(Data extracted from a collection)
**********

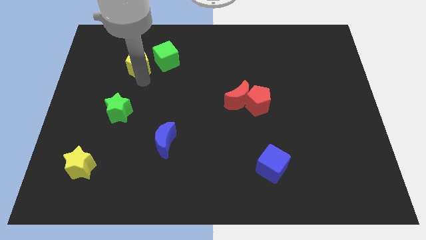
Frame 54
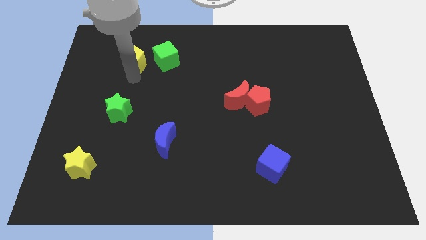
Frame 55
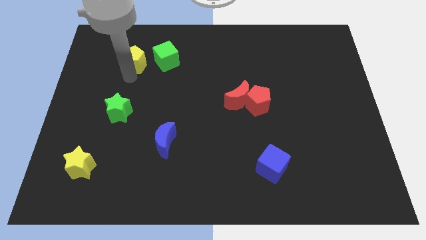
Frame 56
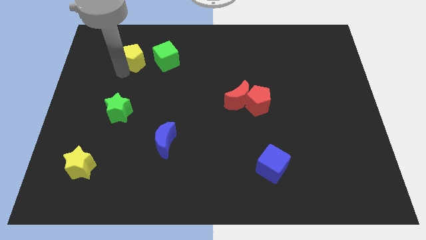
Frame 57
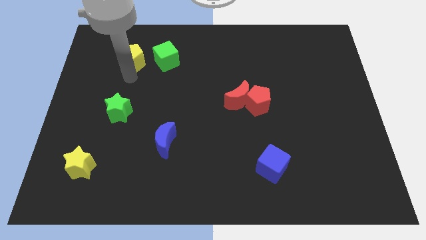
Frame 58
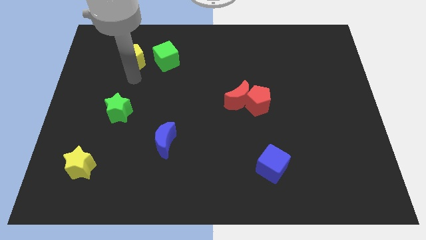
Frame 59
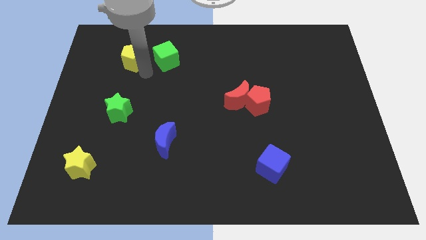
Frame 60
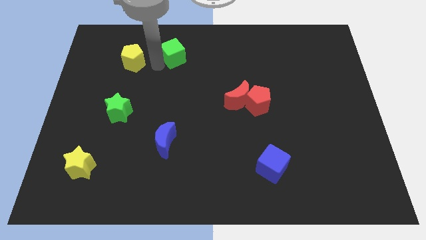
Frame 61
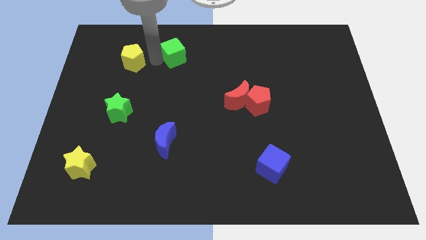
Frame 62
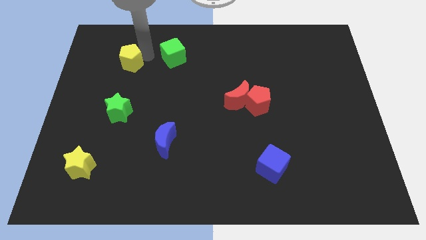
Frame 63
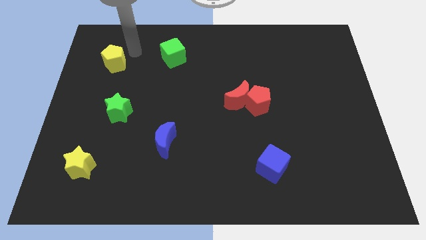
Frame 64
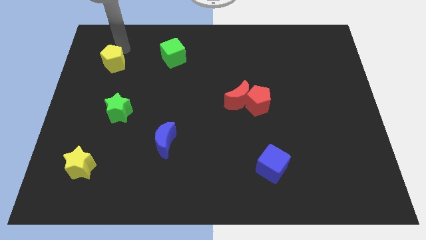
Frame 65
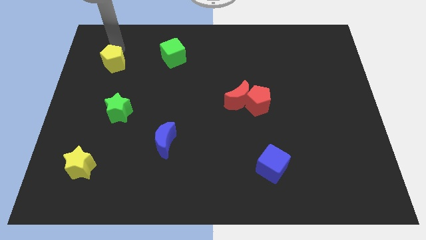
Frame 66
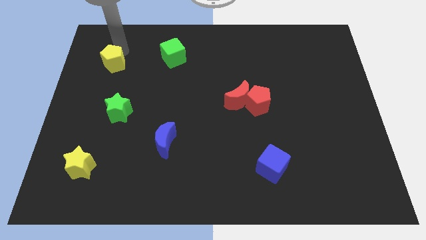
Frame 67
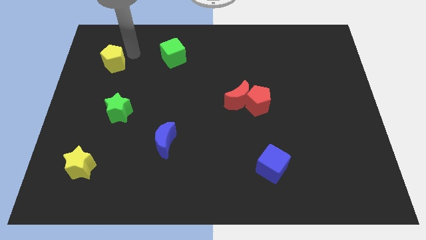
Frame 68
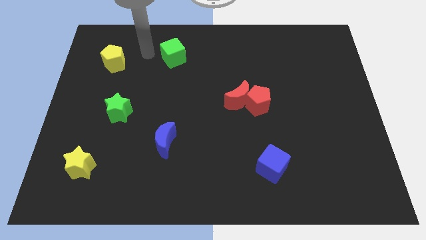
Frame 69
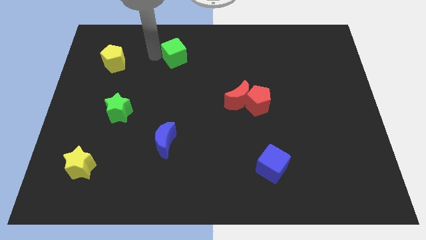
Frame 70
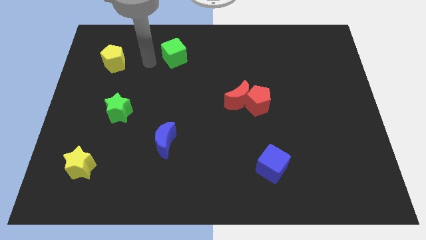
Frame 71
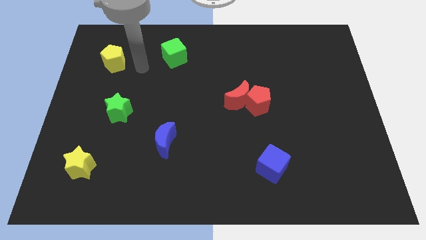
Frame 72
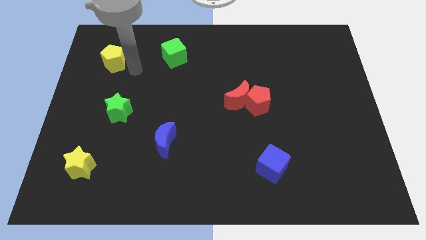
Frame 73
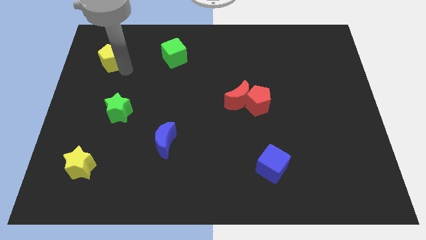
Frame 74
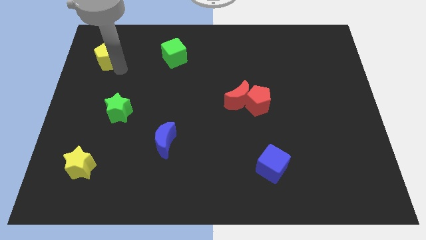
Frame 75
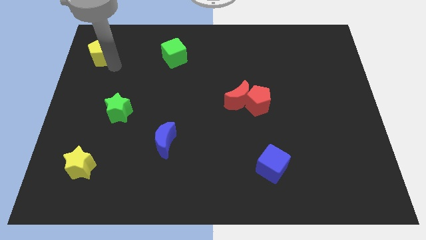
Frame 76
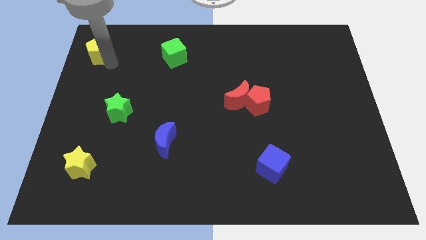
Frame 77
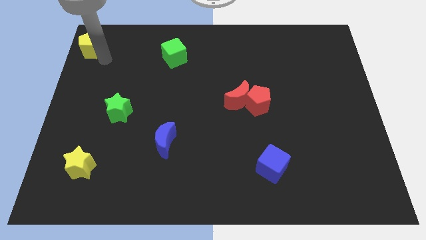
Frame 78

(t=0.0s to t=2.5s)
push the yellow pentagon to the top left of the board

**********

## What the task requires
Give an exact copy of the data, and omit any pictures it holds.

## Response box
Frame 54
Frame 55
Frame 56
Frame 57
Frame 58
Frame 59
Frame 60
Frame 61
Frame 62
Frame 63
Frame 64
Frame 65
Frame 66
Frame 67
Frame 68
Frame 69
Frame 70
Frame 71
Frame 72
Frame 73
Frame 74
Frame 75
Frame 76
Frame 77
Frame 78

(t=0.0s to t=2.5s)
push the yellow pentagon to the top left of the board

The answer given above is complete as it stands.